What it really signals

Heat is the ceiling. Above a few hundred kilowatts, the weak link is rarely the cabinet nameplate; it is the thermal path from contact interface to handle, through the cable, into the pedestal. If any section runs hot, the system will derate or shut down. That is why sensors you can actually read at the curb, seals you can replace without a teardown, and clear torque specs for terminations are not “nice-to-haves.” They are revenue protection. Expect sites to stratify power: most bays run at 400–600 kW for consistent throughput, while a limited number of premium or fleet-dedicated lanes push higher current for short bursts.

Operator checklist (actionable points)

Thermal stack verification. Ask vendors for allowable temperature rise at the connector, cable, and pedestal—and the service intervals that keep those numbers steady under repeated sessions.

Liquid cooling above ~350 kW. Confirm coolant type, pump noise at the handle, and how quickly a field tech can swap wear items like O-rings and seals.

Power-sharing logic. Modular cabinets should dedicate full output to a single stall when needed and split dynamically at other times. This shapes actual wait times more than any peak number.

Grid math. Transformer sizing, feeder constraints, and demand charge exposure will determine if ultra-high-power lanes pay back. Run scenarios for average, peak, and holiday traffic.

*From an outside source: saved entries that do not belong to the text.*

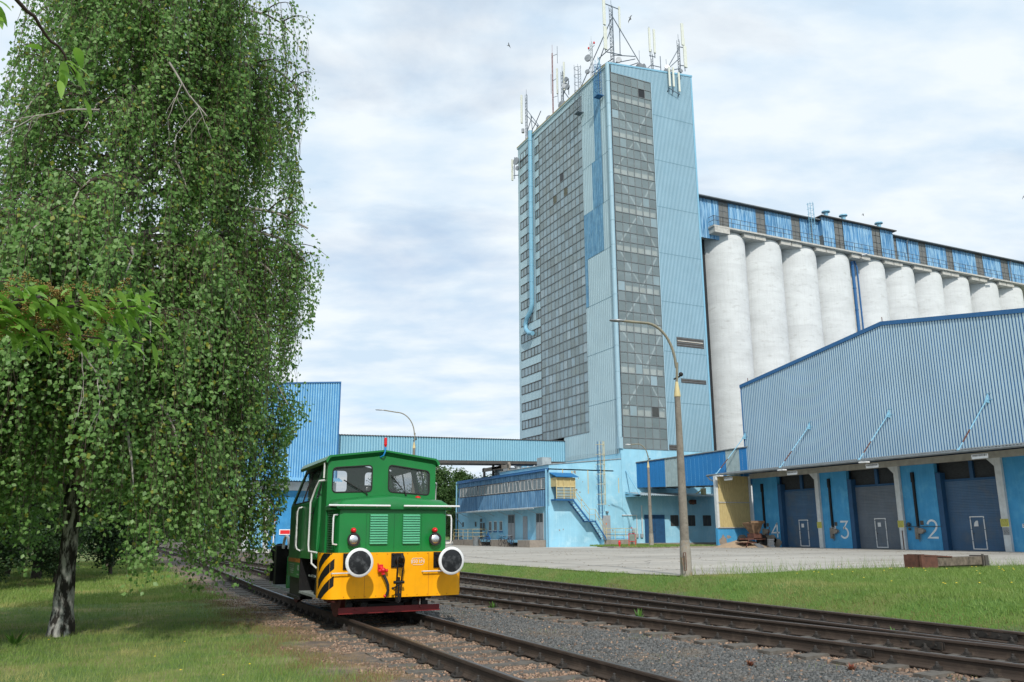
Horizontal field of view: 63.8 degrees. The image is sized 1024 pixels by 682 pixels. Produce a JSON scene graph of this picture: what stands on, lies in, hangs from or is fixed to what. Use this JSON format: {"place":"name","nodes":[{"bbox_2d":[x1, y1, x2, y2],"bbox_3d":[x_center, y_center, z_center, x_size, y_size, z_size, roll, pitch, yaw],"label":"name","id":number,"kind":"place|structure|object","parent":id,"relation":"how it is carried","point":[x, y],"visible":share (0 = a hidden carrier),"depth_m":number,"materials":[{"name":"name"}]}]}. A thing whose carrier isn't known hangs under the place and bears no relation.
{"place":"outdoors","nodes":[
{"label":"outdoors","id":0,"kind":"place"},
{"bbox_2d":[0,560,235,607],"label":"grass","id":1,"kind":"structure","parent":0,"point":[40,585],"depth_m":26.52,"materials":[{"name":"plant"}]},
{"bbox_2d":[0,537,1023,681],"bbox_3d":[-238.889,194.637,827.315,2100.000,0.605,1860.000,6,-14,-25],"label":"ground","id":2,"kind":"structure","parent":0,"point":[327,644],"depth_m":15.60,"materials":[{"name":"plant"}]},
{"bbox_2d":[5,629,27,645],"bbox_3d":[-7.913,4.725,13.126,0.345,0.271,0.317,6,-14,-25],"label":"weed plant","id":3,"kind":"object","parent":2,"relation":"on","point":[11,639],"visible":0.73,"depth_m":13.07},
{"bbox_2d":[0,547,44,574],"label":"broadleaf tree","id":4,"kind":"object","parent":2,"relation":"on","point":[9,571],"visible":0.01,"depth_m":35.00,"materials":[{"name":"green plant"}]},
{"bbox_2d":[0,480,45,582],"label":"broadleaf tree","id":5,"kind":"object","parent":2,"relation":"on","point":[7,561],"visible":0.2,"depth_m":25.95,"materials":[{"name":"green plant"}]},
{"bbox_2d":[1,384,62,546],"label":"broadleaf tree","id":6,"kind":"object","parent":2,"relation":"on","point":[30,483],"visible":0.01,"depth_m":29.84,"materials":[{"name":"green plant"}]},
{"bbox_2d":[14,477,99,582],"bbox_3d":[-16.130,6.691,29.303,2.838,3.863,2.688,-9,-16,33],"label":"broadleaf tree","id":7,"kind":"object","parent":2,"relation":"on","point":[49,565],"visible":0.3,"depth_m":28.87,"materials":[{"name":"green plant"}]},
{"bbox_2d":[2,384,130,579],"bbox_3d":[-18.709,4.743,33.141,9.206,9.426,8.094,0,-13,0],"label":"broadleaf tree","id":8,"kind":"object","parent":2,"relation":"on","point":[35,575],"visible":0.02,"depth_m":31.95,"materials":[{"name":"green plant"}]},
{"bbox_2d":[0,0,172,368],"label":"cherry tree","id":9,"kind":"object","parent":2,"relation":"on","point":[62,305],"visible":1,"depth_m":3.04,"materials":[{"name":"green plant"}]},
{"bbox_2d":[78,463,150,574],"bbox_3d":[-17.114,7.596,35.342,3.493,4.845,3.308,11,-17,-39],"label":"broadleaf tree","id":10,"kind":"object","parent":2,"relation":"on","point":[112,546],"visible":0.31,"depth_m":34.85,"materials":[{"name":"green plant"}]},
{"bbox_2d":[78,393,182,566],"bbox_3d":[-21.604,6.676,44.888,9.279,11.029,8.786,1,-13,-6],"label":"broadleaf tree","id":11,"kind":"object","parent":2,"relation":"on","point":[93,543],"visible":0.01,"depth_m":43.76,"materials":[{"name":"green plant"}]},
{"bbox_2d":[122,508,181,558],"bbox_3d":[-22.534,10.495,50.167,4.367,5.956,4.135,2,-13,-9],"label":"broadleaf tree","id":12,"kind":"object","parent":2,"relation":"on","point":[137,551],"visible":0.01,"depth_m":49.55,"materials":[{"name":"green plant"}]},
{"bbox_2d":[143,478,186,553],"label":"broadleaf tree","id":13,"kind":"object","parent":2,"relation":"on","point":[171,520],"visible":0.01,"depth_m":66.81,"materials":[{"name":"green plant"}]},
{"bbox_2d":[0,0,329,636],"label":"birch tree","id":14,"kind":"object","parent":2,"relation":"on","point":[218,302],"visible":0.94,"depth_m":14.76,"materials":[{"name":"green plant"}]},
{"bbox_2d":[0,593,399,681],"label":"grass","id":15,"kind":"structure","parent":2,"relation":"on","point":[131,644],"depth_m":12.56,"materials":[{"name":"plant"}]},
{"bbox_2d":[159,580,418,681],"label":"dry grass","id":16,"kind":"structure","parent":2,"relation":"on","point":[211,601],"depth_m":13.18,"materials":[{"name":"plant"}]},
{"bbox_2d":[366,475,402,491],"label":"broadleaf tree","id":17,"kind":"object","parent":2,"relation":"on","point":[395,487],"depth_m":130.10,"materials":[{"name":"green plant"}]},
{"bbox_2d":[151,547,687,681],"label":"railway track","id":18,"kind":"structure","parent":2,"relation":"on","point":[471,670],"depth_m":12.60,"materials":[{"name":"metal"}]},
{"bbox_2d":[269,437,463,616],"bbox_3d":[-3.591,4.170,18.528,2.748,3.505,7.824,6,-14,-25],"label":"shunting locomotive","id":19,"kind":"object","parent":18,"relation":"on","point":[377,545],"visible":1,"depth_m":15.88,"materials":[{"name":"green paint"}]},
{"bbox_2d":[300,470,322,559],"bbox_3d":[-4.136,3.562,17.191,0.302,1.910,1.445,6,-14,-25],"label":"cab door","id":20,"kind":"structure","parent":19,"relation":"in","point":[316,505],"depth_m":16.85,"materials":[{"name":"green metal"}]},
{"bbox_2d":[413,469,425,493],"bbox_3d":[-2.131,3.769,18.124,0.302,1.910,1.445,6,-14,-25],"label":"cab door","id":21,"kind":"structure","parent":19,"relation":"in","point":[415,471],"depth_m":17.98,"materials":[{"name":"green metal"}]},
{"bbox_2d":[447,467,474,504],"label":"broadleaf tree","id":22,"kind":"object","parent":2,"relation":"on","point":[462,474],"visible":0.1,"depth_m":124.88,"materials":[{"name":"green plant"}]},
{"bbox_2d":[241,589,974,679],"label":"weeds","id":23,"kind":"object","parent":2,"relation":"on","point":[623,636],"visible":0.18,"depth_m":11.72,"materials":[{"name":"green plant"}]},
{"bbox_2d":[192,540,1023,575],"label":"yard","id":24,"kind":"structure","parent":2,"relation":"on","point":[592,560],"depth_m":40.77,"materials":[{"name":"concrete"}]},
{"bbox_2d":[192,381,341,548],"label":"train shed","id":25,"kind":"structure","parent":24,"relation":"on","point":[317,438],"depth_m":69.44,"materials":[{"name":"metal"}]},
{"bbox_2d":[268,490,307,548],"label":"roller door","id":26,"kind":"structure","parent":25,"relation":"in","point":[283,528],"depth_m":67.25,"materials":[{"name":"metal"}]},
{"bbox_2d":[376,409,416,492],"bbox_3d":[-8.873,10.499,62.211,3.257,10.731,0.397,-1,-13,2],"label":"street lamp","id":27,"kind":"object","parent":24,"relation":"on","point":[412,487],"visible":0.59,"depth_m":62.84,"materials":[{"name":"metal"}]},
{"bbox_2d":[398,465,458,535],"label":"broadleaf tree","id":28,"kind":"object","parent":24,"relation":"on","point":[444,491],"visible":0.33,"depth_m":120.35,"materials":[{"name":"green plant"}]},
{"bbox_2d":[446,507,457,540],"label":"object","id":29,"kind":"object","parent":24,"relation":"on","point":[453,522],"visible":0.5,"depth_m":116.88,"materials":[{"name":"metal"}]},
{"bbox_2d":[473,536,478,545],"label":"waste bin","id":30,"kind":"object","parent":24,"relation":"on","point":[475,540],"visible":0.89,"depth_m":76.70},
{"bbox_2d":[478,535,490,545],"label":"bicycle","id":31,"kind":"object","parent":24,"relation":"on","point":[484,541],"visible":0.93,"depth_m":75.25,"materials":[{"name":"metal"}]},
{"bbox_2d":[453,468,612,546],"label":"annex building","id":32,"kind":"structure","parent":24,"relation":"on","point":[515,506],"depth_m":75.73,"materials":[{"name":"paint"}]},
{"bbox_2d":[338,434,564,475],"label":"conveyor bridge","id":33,"kind":"structure","parent":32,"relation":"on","point":[493,452],"depth_m":77.58,"materials":[{"name":"metal"}]},
{"bbox_2d":[479,518,485,538],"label":"door","id":34,"kind":"structure","parent":32,"relation":"in","point":[482,522],"depth_m":80.39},
{"bbox_2d":[508,514,514,539],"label":"door","id":35,"kind":"structure","parent":32,"relation":"in","point":[511,518],"depth_m":74.66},
{"bbox_2d":[482,457,550,476],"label":"roof unit","id":36,"kind":"structure","parent":32,"relation":"on","point":[540,461],"depth_m":77.76,"materials":[{"name":"metal"}]},
{"bbox_2d":[520,481,523,490],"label":"window","id":37,"kind":"structure","parent":32,"relation":"in","point":[521,482],"depth_m":73.61,"materials":[{"name":"grey glass"}]},
{"bbox_2d":[523,516,527,539],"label":"door","id":38,"kind":"structure","parent":32,"relation":"in","point":[525,518],"depth_m":72.13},
{"bbox_2d":[524,480,527,490],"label":"window","id":39,"kind":"structure","parent":32,"relation":"in","point":[525,482],"depth_m":72.90,"materials":[{"name":"grey glass"}]},
{"bbox_2d":[527,480,531,489],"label":"window","id":40,"kind":"structure","parent":32,"relation":"in","point":[529,481],"depth_m":72.15,"materials":[{"name":"grey glass"}]},
{"bbox_2d":[537,479,540,488],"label":"window","id":41,"kind":"structure","parent":32,"relation":"in","point":[538,480],"depth_m":70.72,"materials":[{"name":"grey glass"}]},
{"bbox_2d":[536,513,543,539],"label":"door","id":42,"kind":"structure","parent":32,"relation":"in","point":[539,516],"depth_m":69.73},
{"bbox_2d":[541,478,544,488],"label":"window","id":43,"kind":"structure","parent":32,"relation":"in","point":[543,479],"depth_m":70.00,"materials":[{"name":"grey glass"}]},
{"bbox_2d":[500,441,636,546],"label":"lean to building","id":44,"kind":"structure","parent":24,"relation":"on","point":[585,508],"depth_m":70.31,"materials":[{"name":"paint"}]},
{"bbox_2d":[602,515,610,538],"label":"door","id":45,"kind":"structure","parent":44,"relation":"in","point":[605,518],"depth_m":70.76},
{"bbox_2d":[517,62,715,544],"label":"grain tower","id":46,"kind":"structure","parent":24,"relation":"on","point":[609,213],"depth_m":80.65,"materials":[{"name":"blue glass"}]},
{"bbox_2d":[511,157,518,180],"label":"wall antenna","id":47,"kind":"object","parent":46,"relation":"attached to","point":[515,161],"depth_m":98.66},
{"bbox_2d":[520,185,527,198],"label":"window","id":48,"kind":"structure","parent":46,"relation":"in","point":[523,192],"depth_m":96.65,"materials":[{"name":"grey glass"}]},
{"bbox_2d":[520,170,527,183],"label":"window","id":49,"kind":"structure","parent":46,"relation":"in","point":[524,176],"depth_m":97.07,"materials":[{"name":"grey glass"}]},
{"bbox_2d":[520,154,527,168],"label":"window","id":50,"kind":"structure","parent":46,"relation":"in","point":[523,162],"depth_m":97.47,"materials":[{"name":"grey glass"}]},
{"bbox_2d":[520,232,528,245],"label":"window","id":51,"kind":"structure","parent":46,"relation":"in","point":[525,238],"depth_m":95.24,"materials":[{"name":"grey glass"}]},
{"bbox_2d":[520,216,528,230],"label":"window","id":52,"kind":"structure","parent":46,"relation":"in","point":[525,222],"depth_m":95.78,"materials":[{"name":"grey glass"}]},
{"bbox_2d":[520,200,528,214],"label":"window","id":53,"kind":"structure","parent":46,"relation":"in","point":[525,206],"depth_m":96.22,"materials":[{"name":"grey glass"}]},
{"bbox_2d":[521,282,528,293],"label":"window","id":54,"kind":"structure","parent":46,"relation":"in","point":[524,288],"depth_m":93.98,"materials":[{"name":"grey glass"}]},
{"bbox_2d":[521,265,528,277],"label":"window","id":55,"kind":"structure","parent":46,"relation":"in","point":[524,271],"depth_m":94.38,"materials":[{"name":"grey glass"}]},
{"bbox_2d":[521,249,528,261],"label":"window","id":56,"kind":"structure","parent":46,"relation":"in","point":[525,254],"depth_m":94.80,"materials":[{"name":"grey glass"}]},
{"bbox_2d":[521,298,529,310],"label":"window","id":57,"kind":"structure","parent":46,"relation":"in","point":[525,304],"depth_m":93.52,"materials":[{"name":"grey glass"}]},
{"bbox_2d":[521,313,532,326],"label":"window","id":58,"kind":"structure","parent":46,"relation":"in","point":[531,317],"depth_m":92.23,"materials":[{"name":"grey glass"}]},
{"bbox_2d":[520,94,540,138],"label":"antenna mast","id":59,"kind":"object","parent":46,"relation":"on","point":[527,112],"visible":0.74,"depth_m":100.54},
{"bbox_2d":[521,344,540,360],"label":"window","id":60,"kind":"structure","parent":46,"relation":"in","point":[535,350],"depth_m":91.04,"materials":[{"name":"grey glass"}]},
{"bbox_2d":[521,326,540,343],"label":"window","id":61,"kind":"structure","parent":46,"relation":"in","point":[537,332],"depth_m":91.36,"materials":[{"name":"grey glass"}]},
{"bbox_2d":[521,362,541,377],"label":"window","id":62,"kind":"structure","parent":46,"relation":"in","point":[537,367],"depth_m":90.55,"materials":[{"name":"grey glass"}]},
{"bbox_2d":[522,434,541,439],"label":"window","id":63,"kind":"structure","parent":46,"relation":"in","point":[537,437],"depth_m":88.12,"materials":[{"name":"grey glass"}]},
{"bbox_2d":[522,416,541,429],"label":"window","id":64,"kind":"structure","parent":46,"relation":"in","point":[536,421],"depth_m":89.20,"materials":[{"name":"grey glass"}]},
{"bbox_2d":[522,397,541,412],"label":"window","id":65,"kind":"structure","parent":46,"relation":"in","point":[536,403],"depth_m":89.60,"materials":[{"name":"grey glass"}]},
{"bbox_2d":[522,379,541,394],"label":"window","id":66,"kind":"structure","parent":46,"relation":"in","point":[531,387],"depth_m":89.98,"materials":[{"name":"grey glass"}]},
{"bbox_2d":[535,225,539,235],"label":"window","id":67,"kind":"structure","parent":46,"relation":"in","point":[537,229],"depth_m":92.40,"materials":[{"name":"grey glass"}]},
{"bbox_2d":[535,209,539,219],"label":"window","id":68,"kind":"structure","parent":46,"relation":"in","point":[537,212],"depth_m":92.87,"materials":[{"name":"grey glass"}]},
{"bbox_2d":[536,309,540,319],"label":"window","id":69,"kind":"structure","parent":46,"relation":"in","point":[538,313],"depth_m":90.21,"materials":[{"name":"grey glass"}]},
{"bbox_2d":[536,292,540,302],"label":"window","id":70,"kind":"structure","parent":46,"relation":"in","point":[538,296],"depth_m":90.61,"materials":[{"name":"grey glass"}]},
{"bbox_2d":[546,53,557,118],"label":"antenna mast","id":71,"kind":"object","parent":46,"relation":"on","point":[552,55],"visible":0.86,"depth_m":94.56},
{"bbox_2d":[556,62,569,106],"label":"antenna mast","id":72,"kind":"object","parent":46,"relation":"on","point":[565,85],"visible":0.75,"depth_m":92.69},
{"bbox_2d":[584,41,594,76],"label":"antenna mast","id":73,"kind":"object","parent":46,"relation":"on","point":[588,57],"visible":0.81,"depth_m":86.74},
{"bbox_2d":[581,0,639,85],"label":"antenna mast","id":74,"kind":"object","parent":46,"relation":"on","point":[618,59],"visible":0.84,"depth_m":84.80,"materials":[{"name":"metal"}]},
{"bbox_2d":[636,56,645,67],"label":"antenna mast","id":75,"kind":"object","parent":46,"relation":"on","point":[641,65],"visible":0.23,"depth_m":84.68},
{"bbox_2d":[648,27,660,69],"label":"antenna mast","id":76,"kind":"object","parent":46,"relation":"on","point":[654,44],"visible":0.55,"depth_m":86.66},
{"bbox_2d":[644,515,665,542],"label":"steel door","id":77,"kind":"structure","parent":46,"relation":"in","point":[658,521],"depth_m":72.86,"materials":[{"name":"metal"}]},
{"bbox_2d":[670,515,678,525],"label":"window","id":78,"kind":"structure","parent":46,"relation":"in","point":[674,519],"depth_m":73.90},
{"bbox_2d":[667,67,682,96],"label":"wall antenna","id":79,"kind":"object","parent":46,"relation":"attached to","point":[673,79],"depth_m":84.43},
{"bbox_2d":[669,23,687,71],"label":"antenna mast","id":80,"kind":"object","parent":46,"relation":"on","point":[683,47],"visible":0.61,"depth_m":88.13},
{"bbox_2d":[688,515,695,525],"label":"window","id":81,"kind":"structure","parent":46,"relation":"in","point":[691,518],"depth_m":74.70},
{"bbox_2d":[703,515,710,525],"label":"window","id":82,"kind":"structure","parent":46,"relation":"in","point":[706,518],"depth_m":75.43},
{"bbox_2d":[609,319,691,576],"bbox_3d":[4.210,3.196,24.916,2.242,8.038,0.459,0,-13,-3],"label":"street lamp","id":83,"kind":"object","parent":24,"relation":"on","point":[685,561],"visible":0.98,"depth_m":24.72,"materials":[{"name":"concrete"},{"name":"metal"}]},
{"bbox_2d":[713,540,768,547],"bbox_3d":[18.125,15.881,64.656,5.200,0.700,3.600,6,-14,-25],"label":"sand heap","id":84,"kind":"object","parent":24,"relation":"on","point":[732,544],"visible":0.72,"depth_m":63.41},
{"bbox_2d":[467,547,1020,571],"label":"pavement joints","id":85,"kind":"object","parent":24,"relation":"on","point":[715,554],"visible":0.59,"depth_m":40.74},
{"bbox_2d":[475,547,1017,569],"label":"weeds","id":86,"kind":"object","parent":24,"relation":"on","point":[739,564],"visible":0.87,"depth_m":44.76,"materials":[{"name":"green plant"}]},
{"bbox_2d":[489,548,1006,570],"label":"joint weeds","id":87,"kind":"object","parent":24,"relation":"on","point":[707,553],"visible":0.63,"depth_m":44.13,"materials":[{"name":"green plant"}]},
{"bbox_2d":[735,521,769,546],"bbox_3d":[18.879,15.053,64.043,3.332,2.052,1.572,6,-14,-25],"label":"seed cart","id":88,"kind":"object","parent":24,"relation":"on","point":[753,528],"visible":0.91,"depth_m":63.86,"materials":[{"name":"metal"}]},
{"bbox_2d":[767,539,774,546],"bbox_3d":[20.129,15.855,64.522,0.400,0.630,0.930,6,-14,-25],"label":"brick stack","id":89,"kind":"object","parent":24,"relation":"on","point":[770,543],"visible":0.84,"depth_m":64.16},
{"bbox_2d":[699,194,1023,541],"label":"silo block","id":90,"kind":"structure","parent":24,"relation":"on","point":[781,288],"depth_m":91.68,"materials":[{"name":"concrete"}]},
{"bbox_2d":[718,202,728,226],"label":"window","id":91,"kind":"structure","parent":90,"relation":"in","point":[723,207],"depth_m":88.70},
{"bbox_2d":[755,209,765,233],"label":"window","id":92,"kind":"structure","parent":90,"relation":"in","point":[760,215],"depth_m":90.85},
{"bbox_2d":[790,217,800,240],"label":"window","id":93,"kind":"structure","parent":90,"relation":"in","point":[795,223],"depth_m":93.01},
{"bbox_2d":[834,220,843,248],"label":"window","id":94,"kind":"structure","parent":90,"relation":"in","point":[840,232],"depth_m":95.10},
{"bbox_2d":[871,228,881,255],"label":"window","id":95,"kind":"structure","parent":90,"relation":"in","point":[875,238],"depth_m":97.61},
{"bbox_2d":[893,238,897,258],"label":"window","id":96,"kind":"structure","parent":90,"relation":"in","point":[894,239],"depth_m":99.71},
{"bbox_2d":[918,243,927,264],"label":"window","id":97,"kind":"structure","parent":90,"relation":"in","point":[922,249],"depth_m":101.73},
{"bbox_2d":[945,248,953,269],"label":"window","id":98,"kind":"structure","parent":90,"relation":"in","point":[948,252],"depth_m":103.78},
{"bbox_2d":[975,255,984,275],"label":"window","id":99,"kind":"structure","parent":90,"relation":"in","point":[979,263],"depth_m":106.17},
{"bbox_2d":[1000,260,1009,280],"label":"window","id":100,"kind":"structure","parent":90,"relation":"in","point":[1004,265],"depth_m":108.29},
{"bbox_2d":[706,308,1023,551],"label":"loading hall","id":101,"kind":"structure","parent":24,"relation":"on","point":[904,434],"depth_m":56.04,"materials":[{"name":"metal"}]},
{"bbox_2d":[193,558,1023,681],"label":"railway track","id":102,"kind":"structure","parent":2,"relation":"on","point":[1005,666],"depth_m":13.47,"materials":[{"name":"metal"}]},
{"bbox_2d":[213,590,1019,681],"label":"ballast","id":103,"kind":"structure","parent":2,"relation":"on","point":[534,666],"depth_m":12.64,"materials":[{"name":"gravel"}]},
{"bbox_2d":[634,608,644,616],"bbox_3d":[2.613,5.614,16.897,0.289,0.266,0.319,10,-16,-37],"label":"weed plant","id":104,"kind":"object","parent":2,"relation":"on","point":[639,613],"visible":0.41,"depth_m":16.88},
{"bbox_2d":[603,546,715,547],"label":"kerb","id":105,"kind":"structure","parent":2,"relation":"on","point":[659,547],"depth_m":63.54,"materials":[{"name":"concrete"}]},
{"bbox_2d":[417,587,997,681],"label":"ballast","id":106,"kind":"structure","parent":2,"relation":"on","point":[736,668],"depth_m":12.06,"materials":[{"name":"gravel"}]},
{"bbox_2d":[460,571,1023,663],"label":"railway track","id":107,"kind":"structure","parent":2,"relation":"on","point":[747,609],"depth_m":17.60,"materials":[{"name":"metal"}]},
{"bbox_2d":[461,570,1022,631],"bbox_3d":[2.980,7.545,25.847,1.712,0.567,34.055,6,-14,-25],"label":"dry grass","id":108,"kind":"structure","parent":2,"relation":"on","point":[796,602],"depth_m":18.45,"materials":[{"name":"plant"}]},
{"bbox_2d":[692,554,1023,575],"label":"tall grass","id":109,"kind":"structure","parent":2,"relation":"on","point":[739,570],"depth_m":26.82,"materials":[{"name":"plant"}]},
{"bbox_2d":[903,554,989,568],"bbox_3d":[15.005,7.559,28.306,3.780,0.490,0.680,7,-15,-28],"label":"rusty beam","id":110,"kind":"object","parent":2,"relation":"on","point":[922,560],"visible":0.8,"depth_m":27.79,"materials":[{"name":"brown metal"}]},
{"bbox_2d":[0,0,1023,492],"label":"sky","id":111,"kind":"structure","parent":0,"point":[907,116],"materials":[{"name":"white"}]},
{"bbox_2d":[541,547,605,547],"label":"apron","id":112,"kind":"object","parent":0,"point":[573,547],"visible":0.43,"depth_m":66.20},
{"bbox_2d":[636,446,753,494],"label":"conveyor bridge","id":113,"kind":"structure","parent":0,"point":[664,470],"depth_m":70.72,"materials":[{"name":"metal"}]},
{"bbox_2d":[847,664,857,669],"bbox_3d":[4.426,4.252,10.727,0.169,0.114,0.179,6,-14,-25],"label":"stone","id":114,"kind":"object","parent":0,"point":[850,667],"visible":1,"depth_m":10.71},
{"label":"grass island","id":115,"kind":"structure","parent":0,"visible":0},
{"bbox_2d":[628,527,635,544],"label":"notice stand","id":116,"kind":"object","parent":115,"relation":"on","point":[631,536],"visible":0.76,"depth_m":65.04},
{"bbox_2d":[625,444,653,545],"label":"street lamp","id":117,"kind":"object","parent":115,"relation":"on","point":[651,539],"visible":0.97,"depth_m":65.84,"materials":[{"name":"metal"}]},
{"bbox_2d":[589,543,717,546],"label":"grass","id":118,"kind":"structure","parent":115,"relation":"on","point":[644,545],"depth_m":65.03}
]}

Telemetry that matters. Prioritize temperature sensing at the handle and terminations, real-time derate visibility, and alarms that map to clear on-site actions.

Tech notes for engineers

AC vs DC is not the question at these levels; it is DC with aggressive thermal management. Contact pressure stability matters because micro-ohmic changes at the interface drive heat. Cable cross-section, coolant flow, and bend radius affect both resistance and operator ergonomics. The best systems maintain a steady current throughout the entire session, rather than oscillating to cool off. That stability is what shortens queues.

Where Workersbee fits

For operators piloting 400–600 kW today—and eyeing higher tiers—Workersbee focuses on connector thermals that hold power under load and on the small details that keep bays open. Our liquid-cooled CCS handles and cables emphasize accessible temperature sensing, replaceable seals, and documented field torque steps. Those elements cut repair time and make performance predictable.

For programs evaluating limited ultra-high-power lanes, we recommend a short site trial: measure temperature rise at the handle and terminations across back-to-back sessions, verify derate behavior, and log any service actions needed. Small, repeatable tests beat long spec sheets.

Megawatt headlines get attention, but sustained, profitable fast charging comes from steady thermal control and fast maintenance. Build for 400–600 kW as the workhorse, add ultra-high-power lanes where duty cycle and grid capacity justify them, and make serviceability a first-order requirement from day one.